The derivative of a + b with respect to each parent is 1, so the output node stores two parent edges with local gradient 1.0.

Runs reverse-mode autodiff and returns an immutable gradient table.

Promotes plain numbers to values and leaves existing values unchanged.

This helper is what lets the public arithmetic functions accept both %Value{} structs and numbers:

iex> x = MicrogradEx.Value.new(2.0)
iex> MicrogradEx.Value.mul(x, 3).data
6.0

Alias for divide/2.

Kernel.div/2 is integer division, so longer examples generally read better with divide/2. This alias exists for users who expect the shorter name from the original arithmetic operation.

Divides the first value or number by the second.

Division is represented as multiplication by right ** -1, the same identity used in the original Python source. Keeping it as composition means the graph naturally contains the reciprocal operation and then the multiplication.

Fetches this value's gradient from a gradient table.

Values that do not influence the output have gradient 0.0.

Multiplies two values or numbers.

For a * b, the local derivative with respect to a is b, and the local derivative with respect to b is a. These parent data values are captured at graph-construction time, just like the closure in the Python version.

Negates a value or number.

This is implemented as its own operation instead of mul(value, -1) so the graph remains compact and the local derivative is explicit: d(-x)/dx = -1.

Creates a new leaf value.

A leaf is an input to a computation: a training example, a model parameter, a constant promoted into the graph, or any other scalar whose gradient may be interesting later.

The optional :label is never used for math. It exists for debugging, examples, and graph inspection.

Raises a value or number to a scalar exponent.

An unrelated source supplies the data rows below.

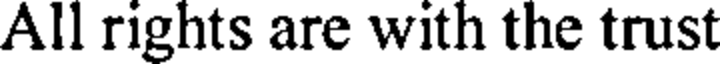
All rights are with the trust
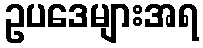
ဥပဒေများအရ
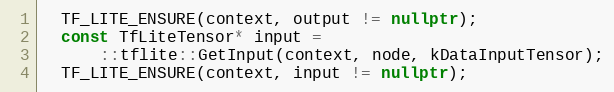
Language: C++
  TF_LITE_ENSURE(context, output != nullptr);
  const TfLiteTensor* input =
      ::tflite::GetInput(context, node, kDataInputTensor);
  TF_LITE_ENSURE(context, input != nullptr);
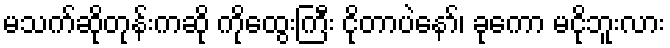
မသက်ဆိုတုန်းကဆို ကိုထွေးကြီး ငိုတာပဲနော်၊ ခုကော မငိုဘူးလား
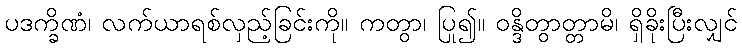
ပဒက္ခိဏံ၊ လက်ယာရစ်လှည့်ခြင်းကို။ ကတွာ၊ ပြု၍။ ဝန္ဒိတွာတ္တာမိ၊ ရှိခိုးပြီးလျှင်
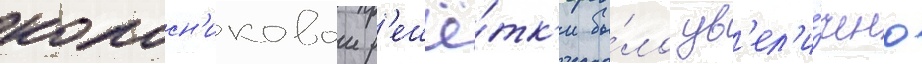
колосн'иковои р'ешё́тк'и бы́ло ув'ел'и́чено
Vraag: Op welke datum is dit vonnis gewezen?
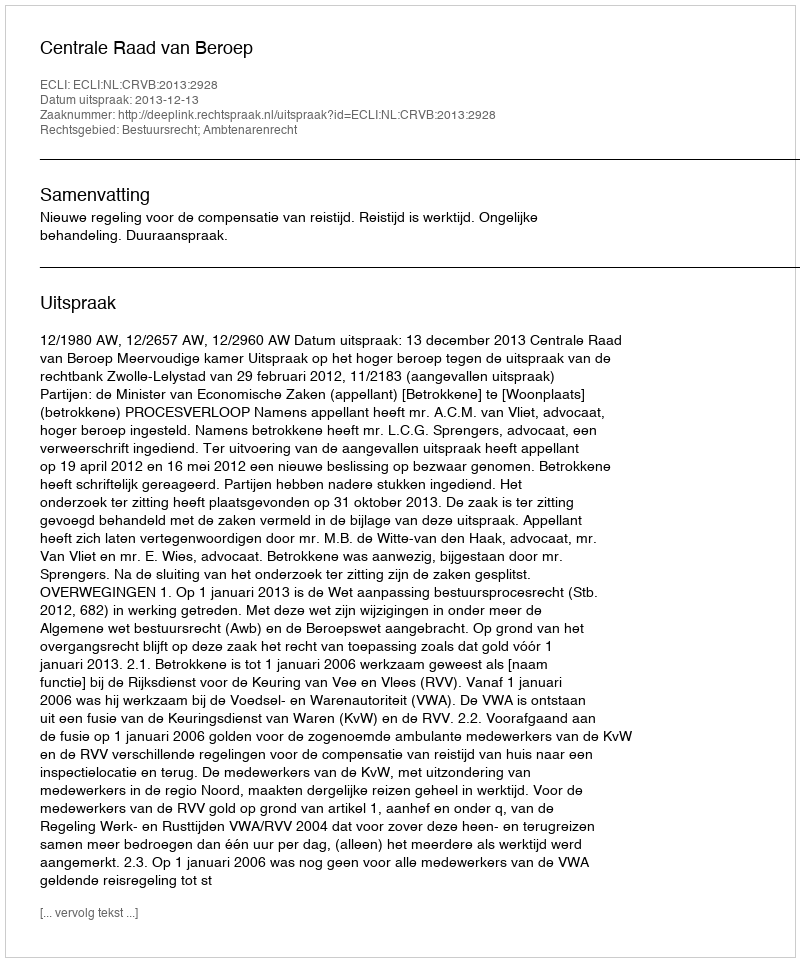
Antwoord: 2013-12-13
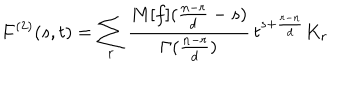
F ^ { ( 2 ) } ( s , t ) = \sum _ { r } \frac { M [ f ] ( \frac { n - r } { d } - s ) } { \Gamma ( \frac { n - r } { d } ) } \, t ^ { s + \frac { r - n } { d } } K _ { r }
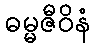
ဓမ္မဇီဝိနံ
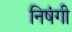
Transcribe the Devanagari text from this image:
निषंगी
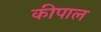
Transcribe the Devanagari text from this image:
कीपाल
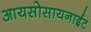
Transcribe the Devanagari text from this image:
आयसोसायनाईट
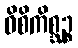
ဝိစိကိစ္ဆဉ္စ
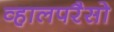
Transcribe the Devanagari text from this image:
व्हालपरैसो
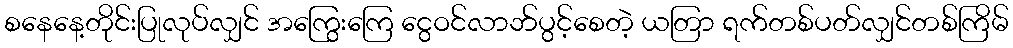
စနေနေ့တိုင်းပြုလုပ်လျှင် အကြွေးကြေ ငွေဝင်လာဘ်ပွင့်စေတဲ့ ယတြာ ရက်တစ်ပတ်လျှင်တစ်ကြိမ်
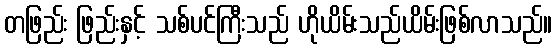
တဖြည်း ဖြည်းနှင့် သစ်ပင်ကြီးသည် ဟိုယိမ်းသည်ယိမ်းဖြစ်လာသည်။
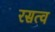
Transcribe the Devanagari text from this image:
रसत्व
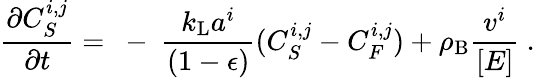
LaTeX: \frac{\partial C_{S}^{i,j}}{\partial t}=\mathrm{~-~}\frac{k_{\mathrm{L}}a^{i}}{(1-\epsilon)}(C_{S}^{i,j}-C_{F}^{i,j})+\rho_{\mathrm{B}}\frac{v^{i}}{[E]}\ .
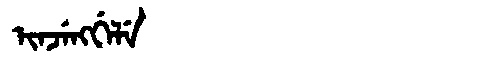
Manchu: ᡳᠨᠵᡝᠩᡤᡝᠯᡝ
Romanization: INJENGGELE
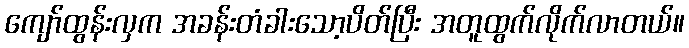
ကျော်ထွန်းလှက အခန်းတံခါးသော့ပိတ်ပြီး အတူထွက်လိုက်လာတယ်။
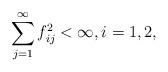
LaTeX: \begin{align*} \sum_{j = 1}^{\infty}f_{ij}^2< \infty, i = 1, 2,\end{align*}
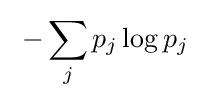
\;-\sum _{j}p_{j}\log p_{j}

The exponent must be a plain number, not another Value. That matches the original micrograd implementation and keeps the local derivative simple:

d(x ** n) / dx = n * x ** (n - 1)

Applies the rectified linear unit activation.

ReLU keeps positive inputs and clamps negative inputs to zero. At exactly zero this port follows the original micrograd code: the gradient is 0.0 because the output is not greater than zero.

Subtracts the second value or number from the first.

The output stores local derivatives 1 for the left parent and -1 for the right parent, which is exactly the derivative of a - b.

Sums a list of values or numbers.

This is useful when writing losses because Elixir does not have Python's overloaded sum for custom objects. The optional initial value defaults to a differentiable zero leaf.

Returns a copy of value with its grad field filled from a gradient table.

This is only for display or debugging. The returned struct is not special and does not mutate the original computation graph.